Opinion

Five sure fire ways to screw up your next digital campaign

In this guest post, Daniel Monheit has some tips for what digital advertisers should always do if they like to fail.

Stop the guesswork. These tips will ensure you screw up your clients next digital campaign so badly that social media, mobile and the internet at large don’t find their way into another brief for at least a decade. Thankfully, this will let us all get back to REAL work like making interruptive (but potentially award winning) TV commercials and running auditions for flash mobs.

1. Ignore the golden ratio

The golden ratio refers to how much we ask a user to do in relation to the size of the outcome they get for doing it. The more difficult, obscure or ridiculous the better.

For example, as a treat for pulling out their phone, downloading a QR code app and looking like a dick by scanning a poster at a bus stop, reward users with a visit to the homepage of your website, preferably scaled for desktop.

Other top suggestions include getting users to switch on their webcams, make and upload their own videos and instal software to ‘experience the awesomeness of your augmented reality app’.

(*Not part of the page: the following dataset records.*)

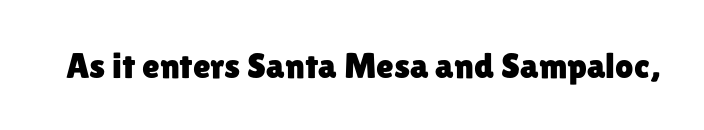
The image shows 36 px sans-serif type, upright; set normal letter spacing, not underlined; low stroke contrast and a medium x-height.
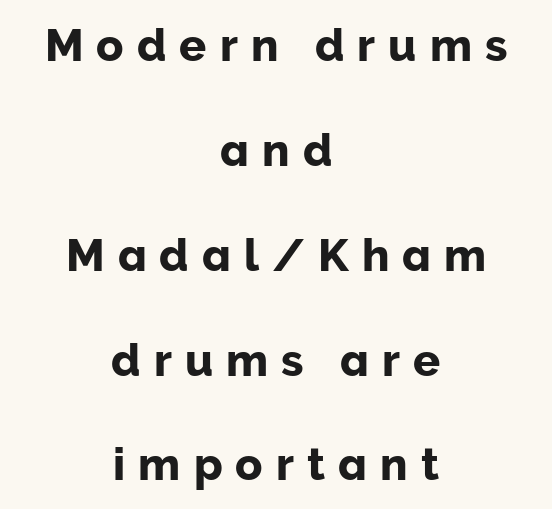
This rendering employs a face without finishing strokes, i.e., a sans-serif. Nobody drew a line under any word here. Interline gaps are noticeably wide in this sample. Upright lettering throughout. Reading down the block, each line starts at a different indent, mirrored at its end.
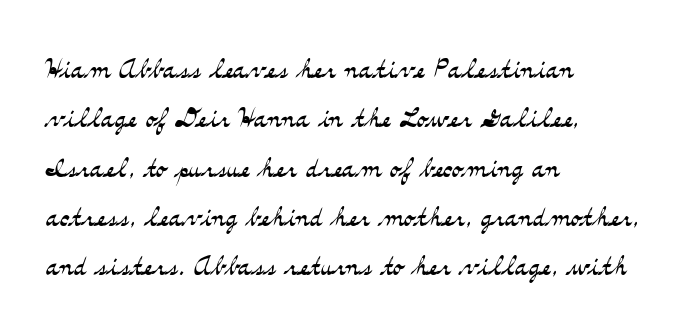
The image shows 36 px light, wide serif type; set left-aligned, normal line spacing (1.37x), normal letter spacing, not underlined; medium stroke contrast and a small x-height.
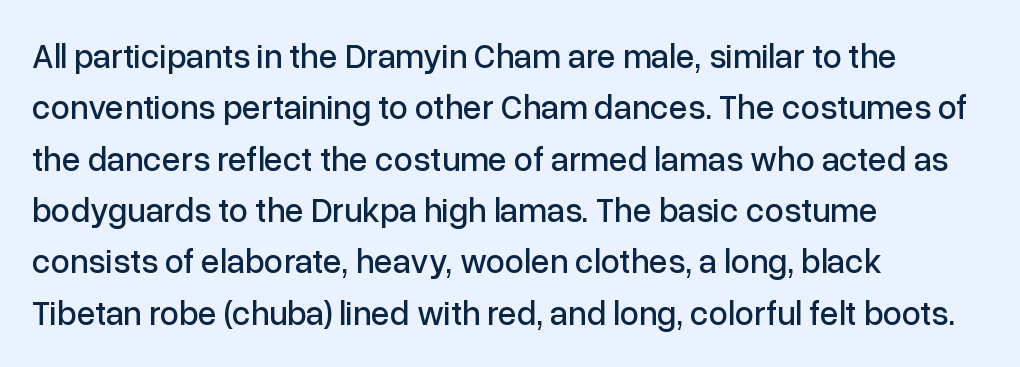
{"serif": "no", "italic": "no", "width": "normal", "stroke_contrast": "low", "x_height": "medium", "monospaced": "no", "underline": "no", "align": "left", "line_spacing": "normal", "line_spacing_ratio": 1.51, "letter_spacing": "normal", "letter_spacing_em": 0.0, "glyph_px": 34}
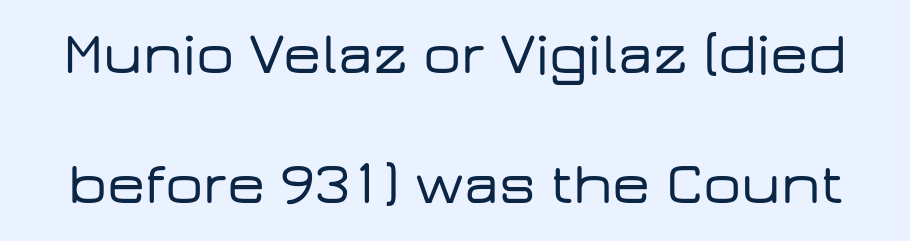
The image shows 60 px wide sans-serif type, upright; set loose line spacing (2.17x), normal letter spacing, not underlined; low stroke contrast and a medium x-height.
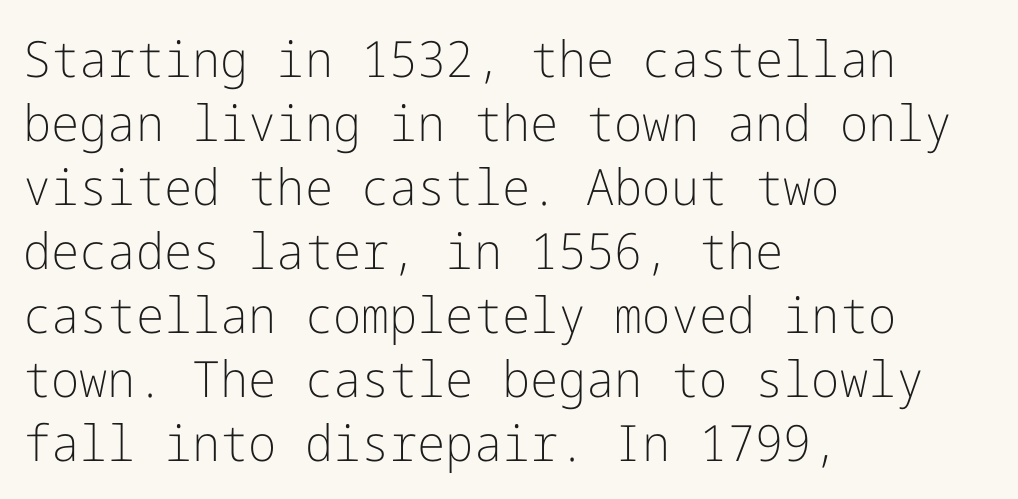
Weight: not bold — regular or lighter. Words float on clear page, feet unadorned. Each new line begins a customary step beneath the previous one. Designer's note — italics off, roman on. The rendering keeps characters at their native spacing. Left-aligned paragraph, ragged on the right.
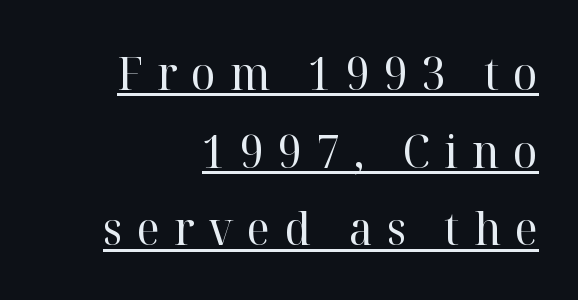
{"serif": "yes", "italic": "no", "bold": "no", "weight": "regular", "width": "normal", "stroke_contrast": "high", "x_height": "medium", "monospaced": "no", "underline": "yes", "align": "right", "line_spacing": "normal", "line_spacing_ratio": 1.69, "letter_spacing": "wide", "letter_spacing_em": 0.31, "glyph_px": 46}
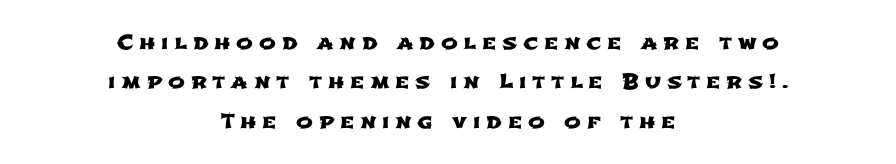
The image shows 20 px text type; set centered, loose line spacing (1.97x), unusually wide letter spacing (+0.29 em), not underlined.
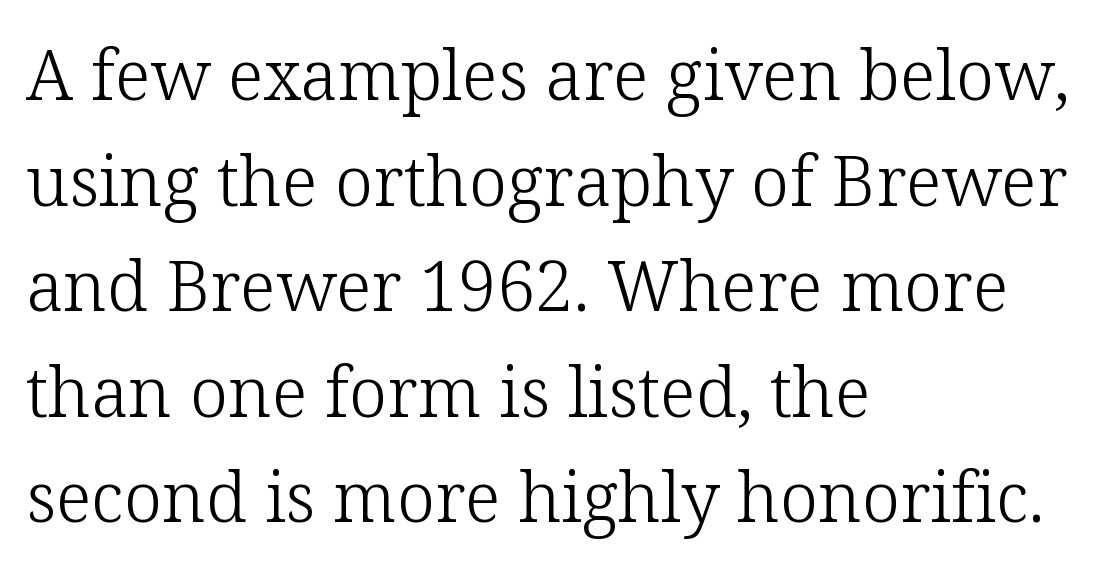
The image shows 69 px light serif type, upright; set left-aligned, normal line spacing (1.53x), normal letter spacing, not underlined; low stroke contrast and a medium x-height.
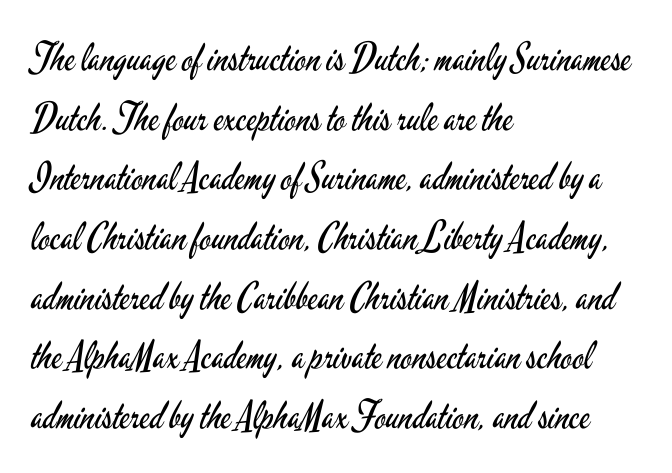
Q: Is the text bold? A: No.
Q: Is the text italic (slanted)? A: Yes.
Q: Is the typeface a serif or a sans-serif typeface? A: Sans-serif.
Q: Is the text underlined? A: No.
Q: How is the paragraph aligned? A: Left-aligned.
Q: Is the spacing between letters normal or unusually wide? A: Normal.
Q: Is the spacing between lines tight, normal or loose? A: Normal.
Q: Width (condensed, normal, or wide)? A: Condensed.
Q: Stroke contrast? A: Low.
Q: x-height? A: Small.
Q: Monospaced? A: No.
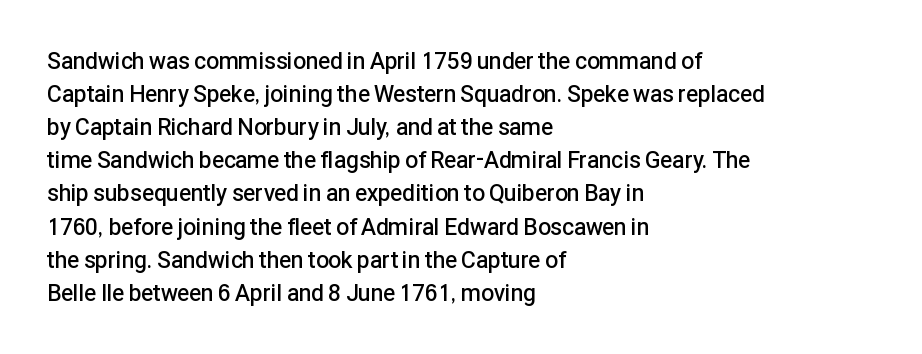
The image shows 23 px text type, upright; set left-aligned, normal line spacing (1.44x), normal letter spacing, not underlined.
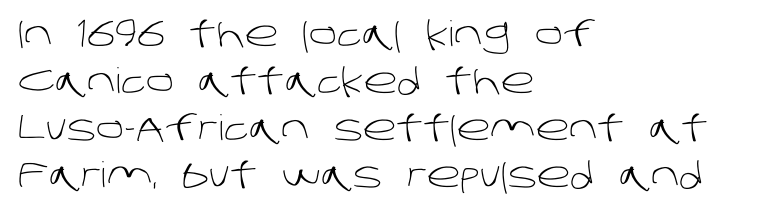
Q: Is the text bold? A: No.
Q: Is the typeface a serif or a sans-serif typeface? A: Sans-serif.
Q: Is the text underlined? A: No.
Q: How is the paragraph aligned? A: Left-aligned.
Q: Is the spacing between letters normal or unusually wide? A: Normal.
Q: Is the spacing between lines tight, normal or loose? A: Normal.
Q: Width (condensed, normal, or wide)? A: Normal.
Q: Stroke contrast? A: Low.
Q: x-height? A: Large.
Q: Monospaced? A: No.
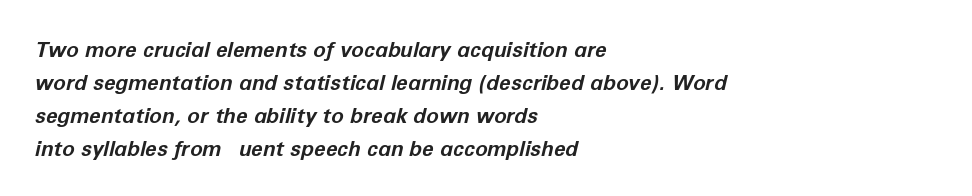
The image shows 21 px bold type, italic (leaning right); set left-aligned, normal line spacing (1.57x), normal letter spacing, not underlined.
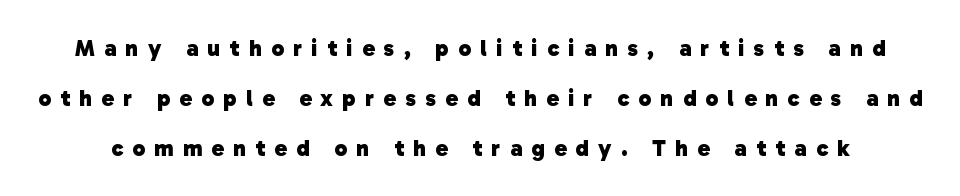
{"bold": "yes", "underline": "no", "line_spacing": "loose", "line_spacing_ratio": 2.17, "letter_spacing": "wide", "letter_spacing_em": 0.41, "glyph_px": 23}
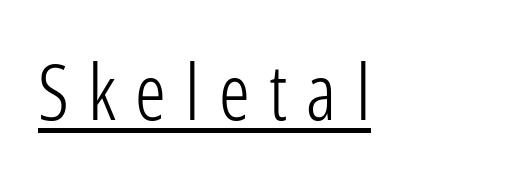
Q: Is the text bold? A: No.
Q: Is the text italic (slanted)? A: No, it is upright.
Q: Is the typeface a serif or a sans-serif typeface? A: Sans-serif.
Q: Is the text underlined? A: Yes.
Q: How is the paragraph aligned? A: Left-aligned.
Q: Is the spacing between letters normal or unusually wide? A: Unusually wide.
Q: Width (condensed, normal, or wide)? A: Condensed.
Q: Stroke contrast? A: Low.
Q: x-height? A: Medium.
Q: Monospaced? A: No.
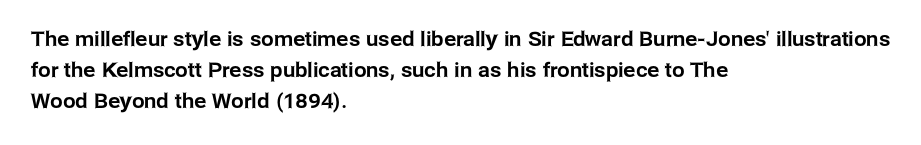
{"italic": "no", "underline": "no", "align": "left", "line_spacing": "normal", "line_spacing_ratio": 1.56, "letter_spacing": "normal", "letter_spacing_em": 0.0, "glyph_px": 20}

2. Don’t involve developers until the very last second

Keeping developers away from the project until they’re absolutely, totally required is imperative. After all, they’re there for production, not ideas. This technique also stops the guys who build the stuff getting in the way of any important promises your account manager makes about things like performance, time frames and possibilities.

If you can, outsource all of the ‘low value grunt work’ to Bangalore or Manila. Everyone’s doing it. Besides, how hard could it be to build the thing once someone else has already cracked ‘the big idea’?

3. Desktop. Desktop. Desktop!

Start here. Finish here. People don’t use their phones for browsing anyway. That’s why only 40% of web traffic comes from mobile devices.

If you’re running outdoor, tv, radio or print ads, I’m sure people will remember them and check your site just as soon as they’re back at the office anyway.

4. Be careful not to promote it

The Internet has pretty much got your back here. As long as you include enough ‘Facebook share’, ‘tweet this’ and ’email a friend’ calls to action, awareness should take care of itself.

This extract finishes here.